Brief:
Leaving out the images, please reproduce each line below exactly.

Materials provided:
*****
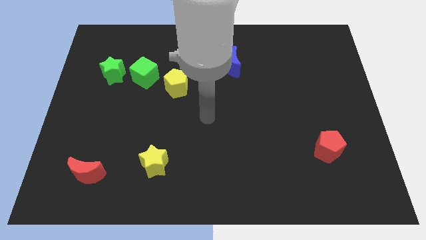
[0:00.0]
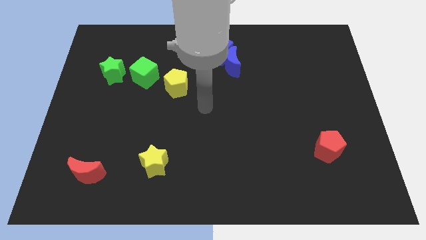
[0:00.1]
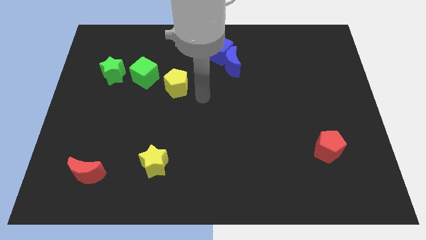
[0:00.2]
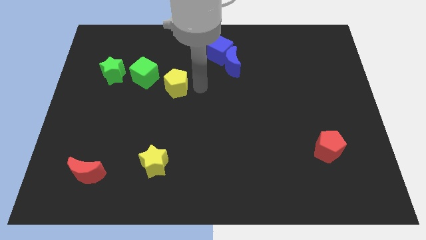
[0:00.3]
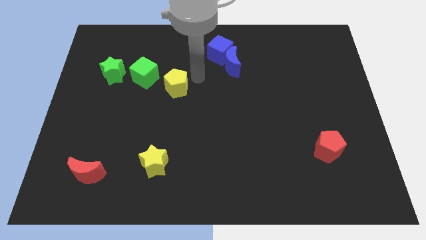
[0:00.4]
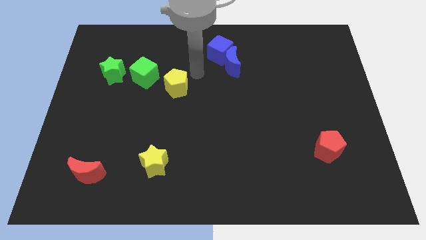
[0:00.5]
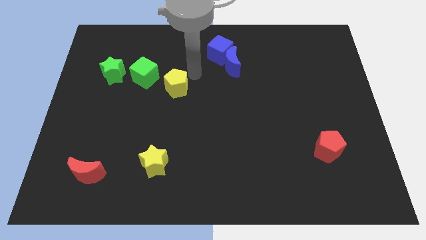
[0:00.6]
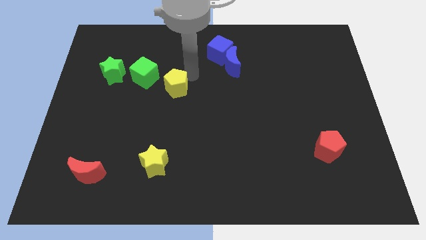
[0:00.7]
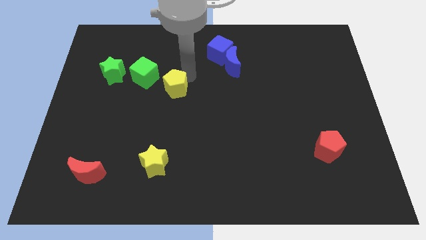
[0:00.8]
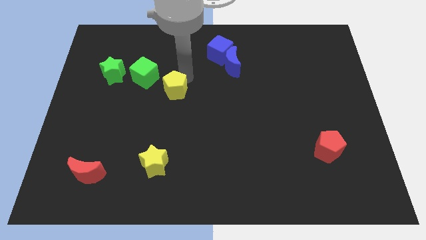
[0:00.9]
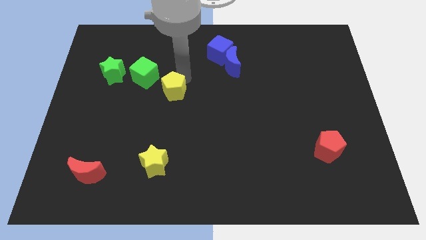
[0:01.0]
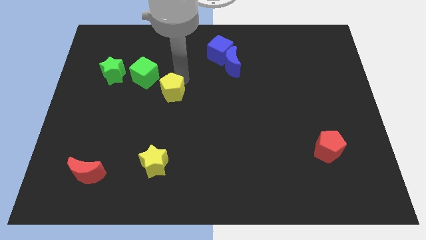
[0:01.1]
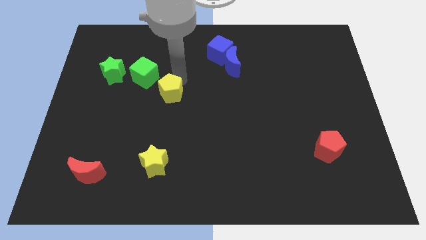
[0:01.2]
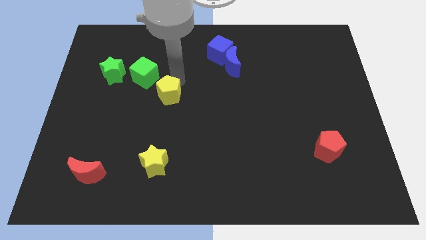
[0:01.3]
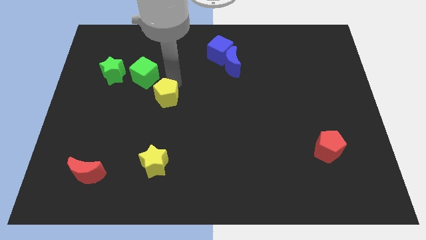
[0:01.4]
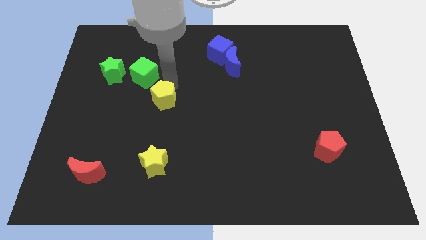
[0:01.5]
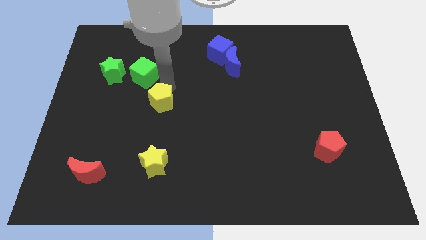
*****
Result for this exercise:
[0:00.0]
[0:00.1]
[0:00.2]
[0:00.3]
[0:00.4]
[0:00.5]
[0:00.6]
[0:00.7]
[0:00.8]
[0:00.9]
[0:01.0]
[0:01.1]
[0:01.2]
[0:01.3]
[0:01.4]
[0:01.5]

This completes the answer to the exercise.